▸ Work task:
Starting at the line below with "Text: +1,25V" and stopping at the line with "csajok . Engem", please print each line exactly, those two included, and skip every picture.

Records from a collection
▼▼▼

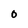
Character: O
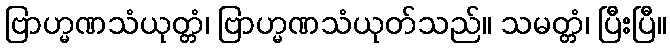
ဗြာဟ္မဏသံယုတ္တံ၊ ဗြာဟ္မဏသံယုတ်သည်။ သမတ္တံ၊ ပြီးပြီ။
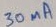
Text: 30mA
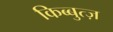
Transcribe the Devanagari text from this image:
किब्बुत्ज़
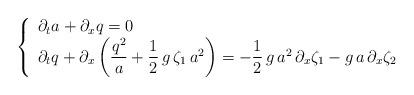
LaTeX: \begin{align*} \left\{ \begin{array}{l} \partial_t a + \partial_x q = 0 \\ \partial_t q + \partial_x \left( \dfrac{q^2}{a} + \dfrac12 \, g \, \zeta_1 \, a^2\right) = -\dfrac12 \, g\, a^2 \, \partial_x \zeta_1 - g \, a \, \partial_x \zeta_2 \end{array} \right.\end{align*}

▲▲▲
▼▼▼

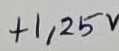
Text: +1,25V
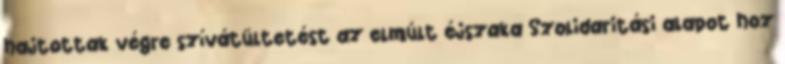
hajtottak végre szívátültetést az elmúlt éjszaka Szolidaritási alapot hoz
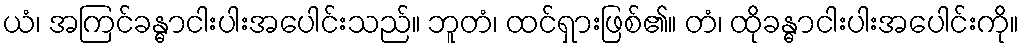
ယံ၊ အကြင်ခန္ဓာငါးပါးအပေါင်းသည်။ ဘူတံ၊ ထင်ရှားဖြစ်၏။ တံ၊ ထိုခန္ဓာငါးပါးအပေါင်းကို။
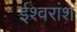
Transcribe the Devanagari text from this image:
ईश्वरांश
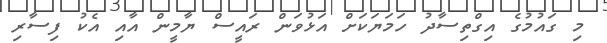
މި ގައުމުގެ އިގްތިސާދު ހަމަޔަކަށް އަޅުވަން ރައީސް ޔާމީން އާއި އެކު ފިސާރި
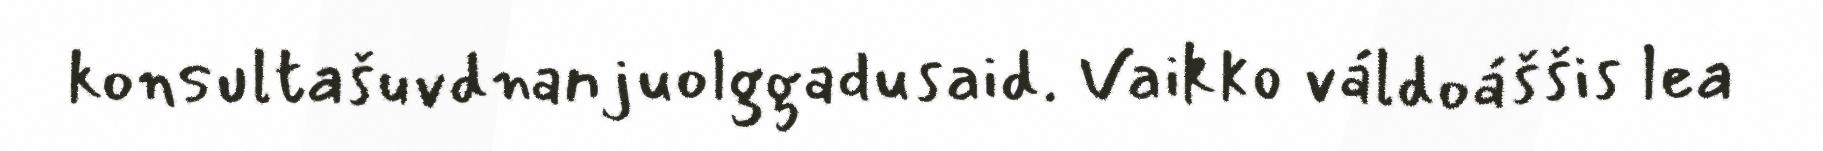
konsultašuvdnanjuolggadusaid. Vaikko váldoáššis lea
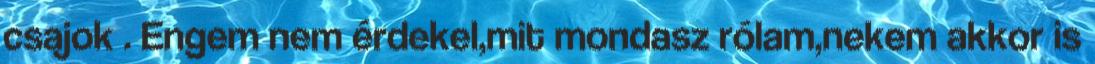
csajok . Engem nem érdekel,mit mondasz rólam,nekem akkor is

▲▲▲

▸ Completed task:
Text: +1,25V
hajtottak végre szívátültetést az elmúlt éjszaka Szolidaritási alapot hoz
ယံ၊ အကြင်ခန္ဓာငါးပါးအပေါင်းသည်။ ဘူတံ၊ ထင်ရှားဖြစ်၏။ တံ၊ ထိုခန္ဓာငါးပါးအပေါင်းကို။
Transcribe the Devanagari text from this image:
ईश्वरांश
މި ގައުމުގެ އިގްތިސާދު ހަމަޔަކަށް އަޅުވަން ރައީސް ޔާމީން އާއި އެކު ފިސާރި
konsultašuvdnanjuolggadusaid. Vaikko váldoáššis lea
csajok . Engem nem érdekel,mit mondasz rólam,nekem akkor is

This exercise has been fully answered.